# Computing probabilities of comparisons of exponential random variables

I am working on a question for class where there are two patients waiting on kidneys. The arrival of transplant kidneys is a Poisson process with rate λ. A will die after an exponential time with rate $$μ_A$$, and B after an exponential time with rate $$μ_B$$. A is ahead of B on the waiting list, so the first kidney goes to A as long as they are still alive. We are asked to compute the probability that A and B each survive to receive their kidneys.

For A, I defined $$P( A < T_1 )$$ and used the total probability law to expand that out into $$P( A > T_1 | T_1 = t)P( T_1 = t)$$, which simplified pretty easily into $$μ_A \exp( - μ_At - λt )$$.

For B, I tried a similar approach and got $$P( A < T_1)P( B > T_1 ) + P( A > T_1 )P( B > T_1 + T_2)$$.

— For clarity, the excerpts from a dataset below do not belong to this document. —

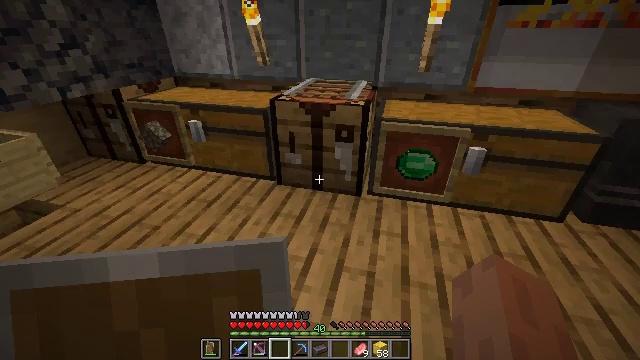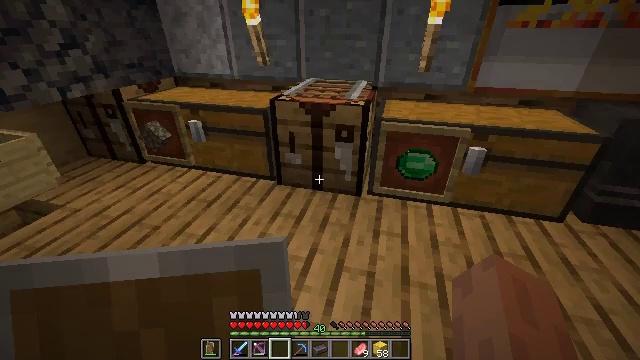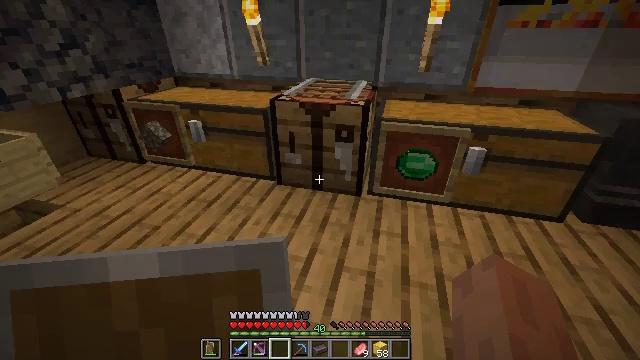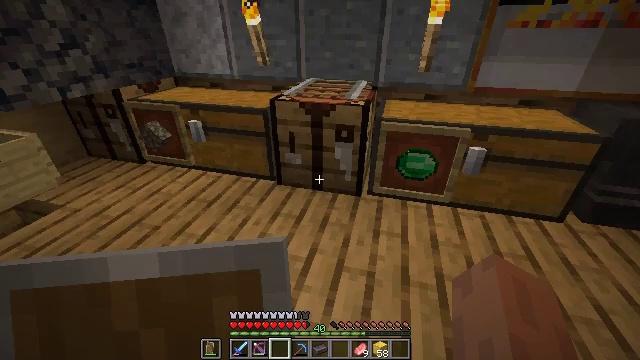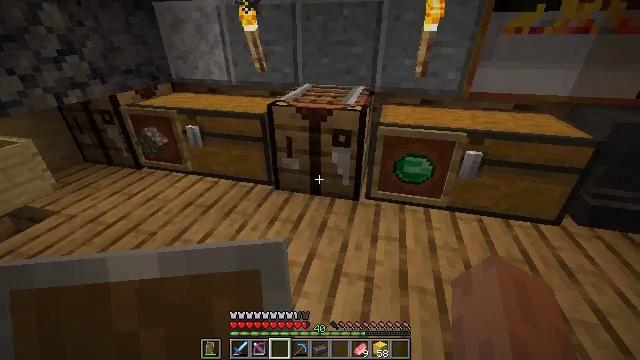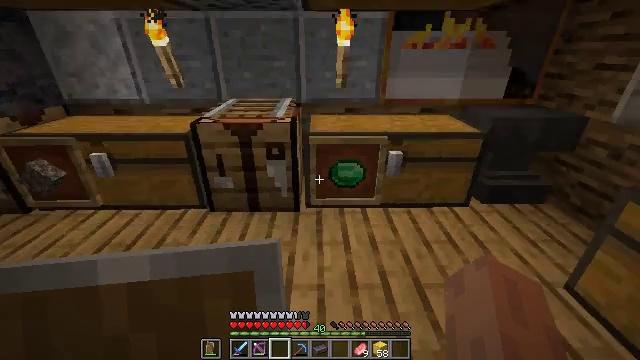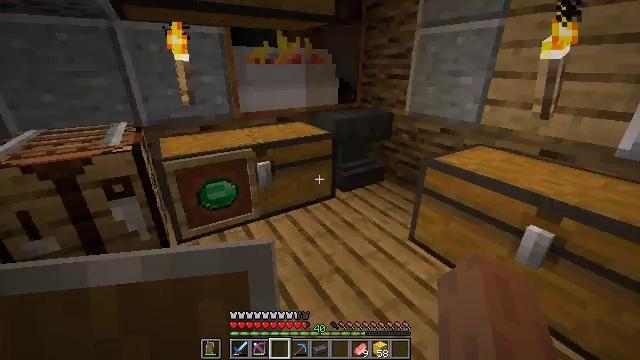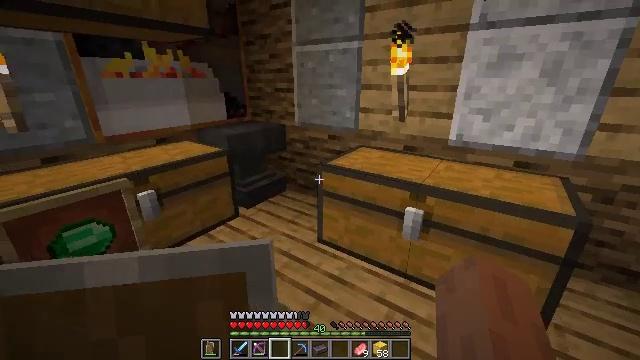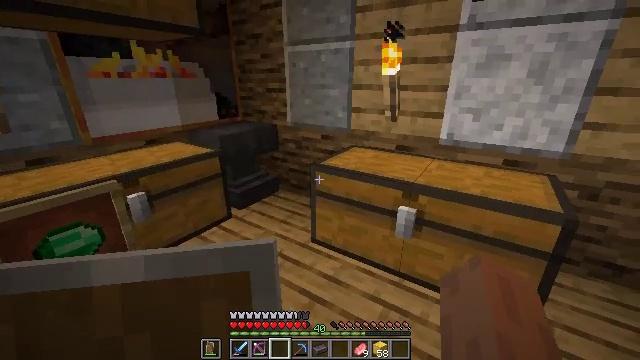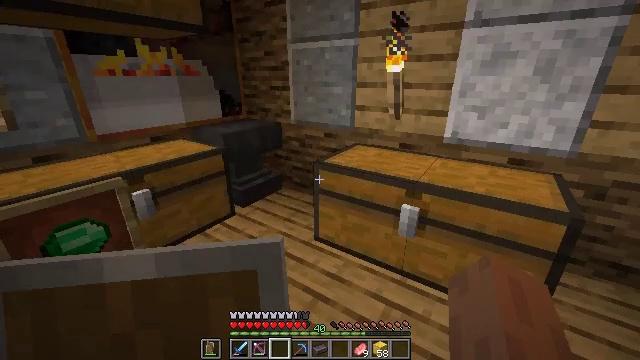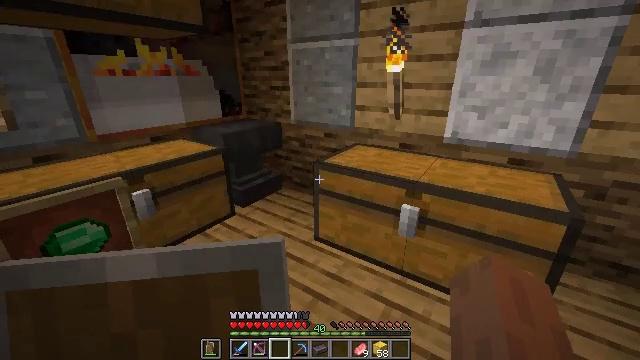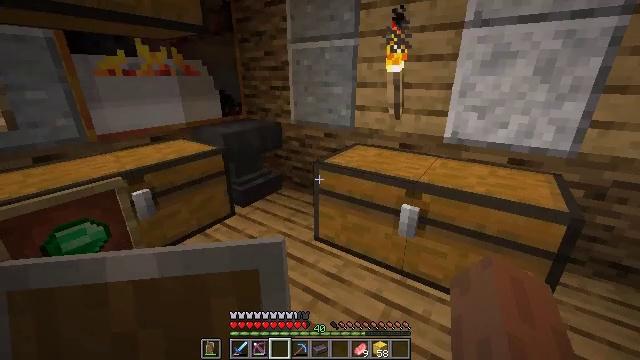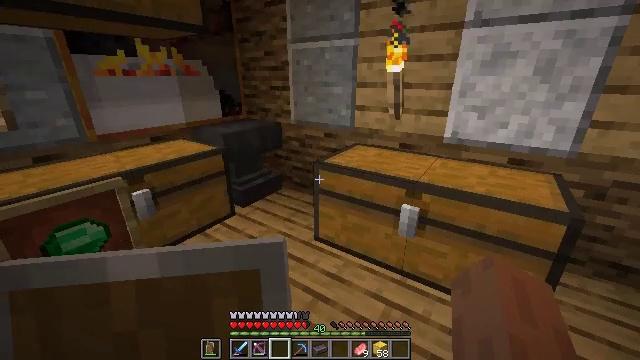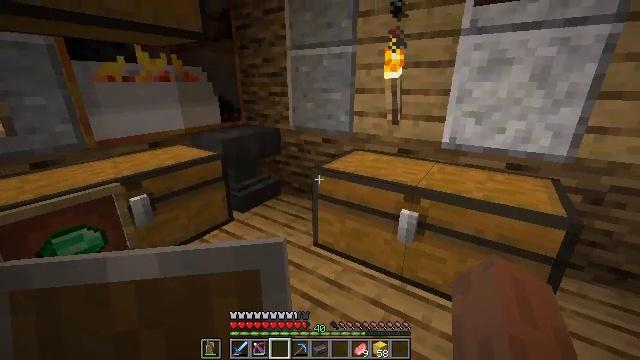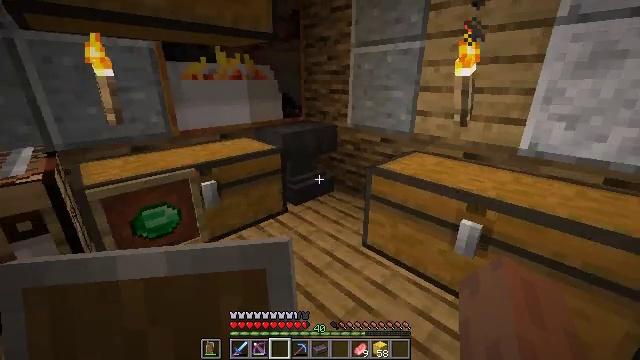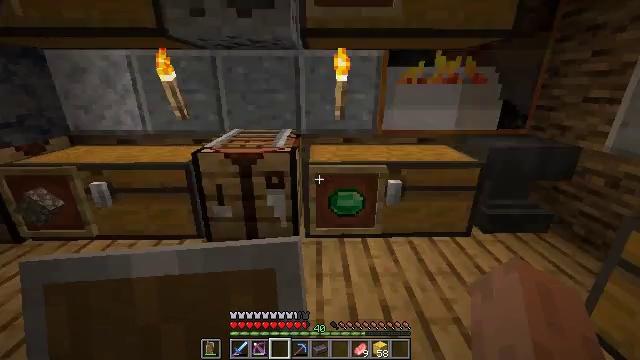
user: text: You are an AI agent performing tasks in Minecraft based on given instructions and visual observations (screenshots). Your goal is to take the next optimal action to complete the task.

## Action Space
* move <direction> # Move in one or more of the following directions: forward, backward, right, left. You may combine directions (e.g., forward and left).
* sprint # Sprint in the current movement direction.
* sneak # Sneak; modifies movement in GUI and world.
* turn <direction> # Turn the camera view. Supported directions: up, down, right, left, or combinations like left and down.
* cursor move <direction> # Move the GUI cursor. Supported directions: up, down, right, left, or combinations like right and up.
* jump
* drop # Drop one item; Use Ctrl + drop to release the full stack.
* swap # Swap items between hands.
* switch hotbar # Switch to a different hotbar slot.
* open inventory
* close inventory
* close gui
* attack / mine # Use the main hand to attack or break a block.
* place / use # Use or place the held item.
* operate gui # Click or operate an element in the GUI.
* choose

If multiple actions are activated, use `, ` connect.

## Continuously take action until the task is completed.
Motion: motion action
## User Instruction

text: Use a crafting table to create a diamond.
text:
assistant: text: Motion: no_op
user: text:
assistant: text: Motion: no_op
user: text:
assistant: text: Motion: no_op
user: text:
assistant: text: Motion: turn up
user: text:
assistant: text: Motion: turn right and up
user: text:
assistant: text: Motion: turn right and up
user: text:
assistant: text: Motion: turn right and up
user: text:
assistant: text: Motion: turn right
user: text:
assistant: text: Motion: no_op
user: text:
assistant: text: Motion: no_op
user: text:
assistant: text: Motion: no_op
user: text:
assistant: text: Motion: no_op
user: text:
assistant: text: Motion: turn up
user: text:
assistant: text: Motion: turn left
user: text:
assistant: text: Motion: turn left
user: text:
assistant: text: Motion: turn left and up
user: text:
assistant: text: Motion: turn left and up
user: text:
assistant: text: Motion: no_op
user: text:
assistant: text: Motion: no_op
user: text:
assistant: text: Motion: no_op
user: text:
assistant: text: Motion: no_op
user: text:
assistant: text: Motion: no_op
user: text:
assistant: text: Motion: move left
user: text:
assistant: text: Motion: move left
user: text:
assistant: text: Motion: move left
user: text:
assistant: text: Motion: move left
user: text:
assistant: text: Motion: no_op
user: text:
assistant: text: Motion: turn left
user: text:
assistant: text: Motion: turn left and up
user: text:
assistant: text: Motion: turn left and up

What's the easiest way to approach $$P( B > T_1 + T_2)$$? Expanding that out with total probability just confused me more. I got this: $$P( B > T_1 + T_2 | T_1 + T_2 = t)P( T_1 + T_2 = t | T_1 = s)P( T_1 = s)$$ and I just don't know what to do with the variable $$s$$. Are those supposed to go away? Should I expect the expression for B to depend on two variables? I'm not even sure that my answer for A should be in terms of t.

Think about the relationship between Poisson process and exponential distribution. You will find you work with 4 random variables following the exponential distributions. Let $$X_1$$ be the time that first kidney arrives, $$X_2$$ the time between two kidneys arrive, $$Y_1$$ is A's survival time without transplantation, and $$Y_2$$ is A's survival time without transplantation. From the description of the question, $$X_1, X_2, Y_1,Y_2$$ are independent and follow exponential distribution. So their joint pdf is the product of 4 pdf.
The event "A and B each survive to receive their kidneys" is $$(Y_1 > X_1) \cap (Y_2 > X_1 + X_2)$$.